Typically, the court will determine that debt incurred for the needs of the family, such as groceries, or school needs, and this will be divided equally.  Debts incurred for personal gained are usually left to the individual who incurred that debt to pay it off.  While these seem like common sense divisions of debt, there are various unique scenarios that leave the responsible debtor in doubt.  For instance, if the card was in one name but used by another for expenses unrelated to the family, dual ownership of credit cards used for the illicit purposes of only one spouse, cards taken out in the other spouses name.

 

The Utah courts use very broad parameters and discretion in determining how the debt will be divided.  Usually, the evidence will be reviewed, and it will be determined who incurred the debts, and for which purposes.  The court will then review the incomes of both parties and their ability to pay off the debts.  In Rehn v.

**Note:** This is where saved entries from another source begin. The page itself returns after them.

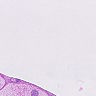
Metastatic tissue present: no
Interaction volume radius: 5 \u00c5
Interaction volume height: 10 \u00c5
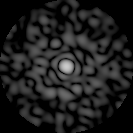
Disorder parameter: 0.8324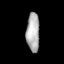
Tissue: lung
Cell type: Epithelial cells
Senescence score: 0.2281
Nuclear area (px): 495
Mean DAPI intensity: 175.273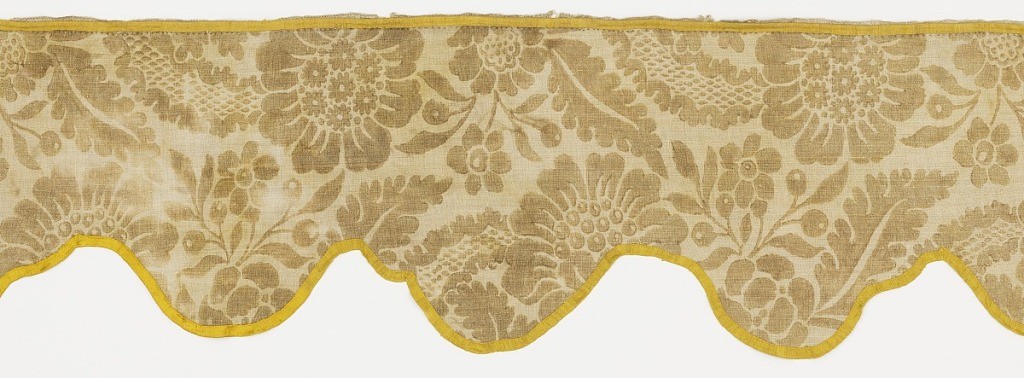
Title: Valance
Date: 1750–1800
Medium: linen Technique: block printed on plain weave foundation
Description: Valance with scalloped edges made of printed linen with a large scale floral pattern in brown. Bound with a yellow silk ribbon.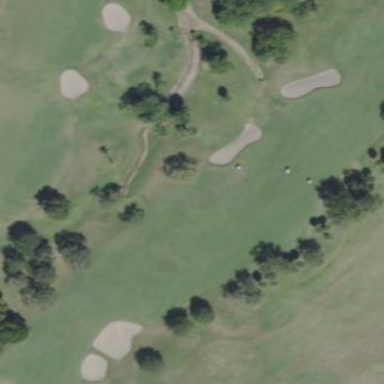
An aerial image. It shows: Grassy area designated as golf fairway.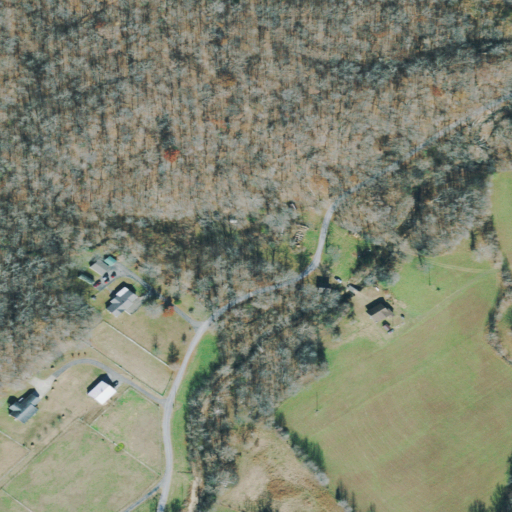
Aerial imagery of valley in Tennessee named Blackgum Hollow containing deciduous forest, pasture, open development, low intensity development, and mixed forest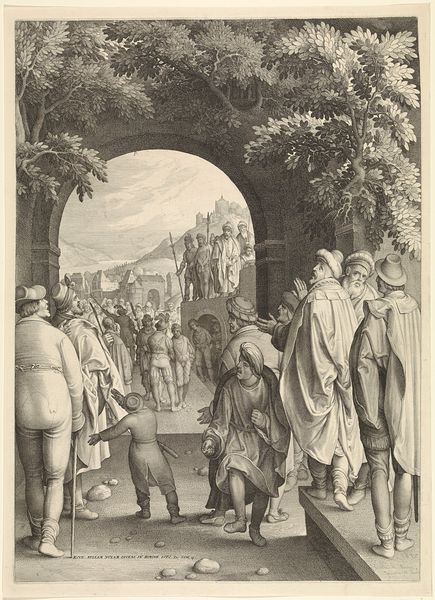
Titel: Ecce Homo
Künstler: Nicolaes de Bruyn
Standort: Amsterdam
Institution: Rijksmuseum
Schlagwörter: berg, gemälde, himmel, bäume, menschen, grau, männer, schwarz, zeichnung, schloss, stein, gewänder, kind, pflanzen, bogen, burg, torbogen, festung, speer
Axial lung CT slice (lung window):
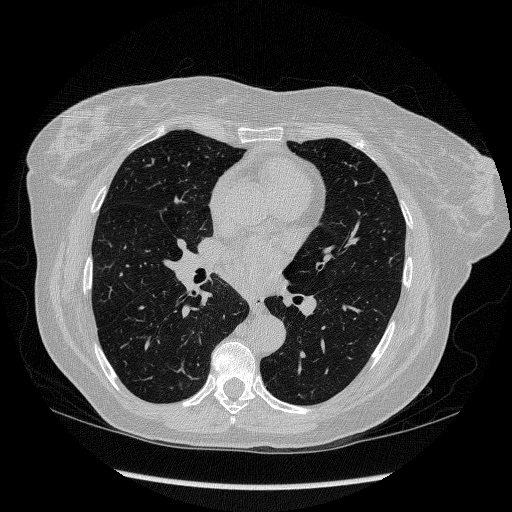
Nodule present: no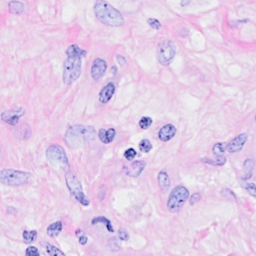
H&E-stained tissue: Breast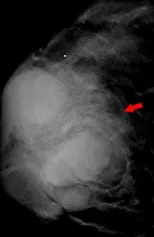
(A-D) Craniocaudal position of digital breast tomosynthesis. The red arrow area in panels. Showed unshielded margin of the mass, which was more obvious compared with that in
Figure 3A.
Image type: radiology (x_ray)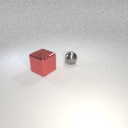
small gray metal sphere to the right of large red metal cube
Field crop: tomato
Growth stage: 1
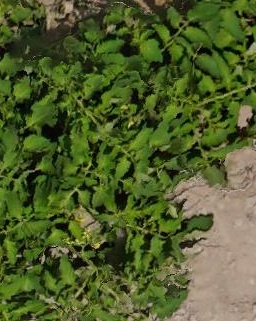
Species: tomato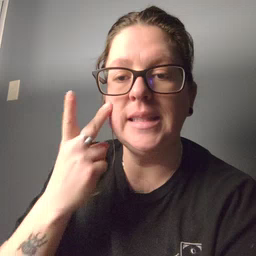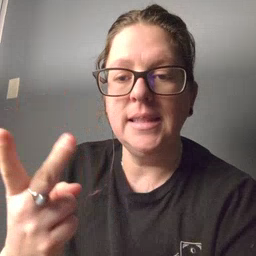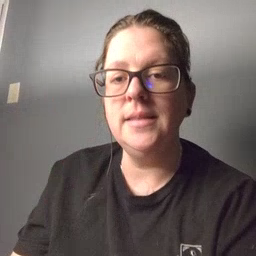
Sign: see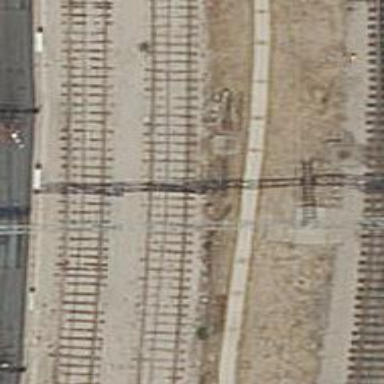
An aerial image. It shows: Railway yard with electrified contact lines.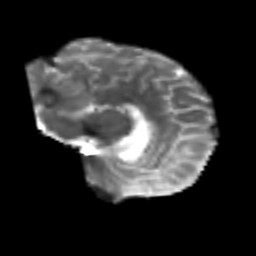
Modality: T2w
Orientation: sagittal
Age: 46
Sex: male
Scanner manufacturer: siemens
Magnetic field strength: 3 T
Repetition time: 4.987 s
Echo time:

Rehn, the husband, who made 80% of the household income was ordered to pay for 80% of the debt accrued in marriage, while the wife was held responsible for 20%.

 

Of course, there is always the possibility that your spouse may have accrued debt without your knowledge, but in your name or using you as joint debtor.  Despite the divorce decree, the debtor can still hold you responsible for 50% or more of the debt.  Additionally, despite any agreements or the divorce decree, creditors may disregard any ruling, and pursue the debts in equal measures.  To prevent this, maintain a thorough accounting of all of your debts and accounts, and gather all the available financial information possible to present to a judge.  Additionally, finding an experienced lawyer with expertise in the area of debt division is the most certain method you can use to protect yourself from being burdened by the transgressions of the other spouse.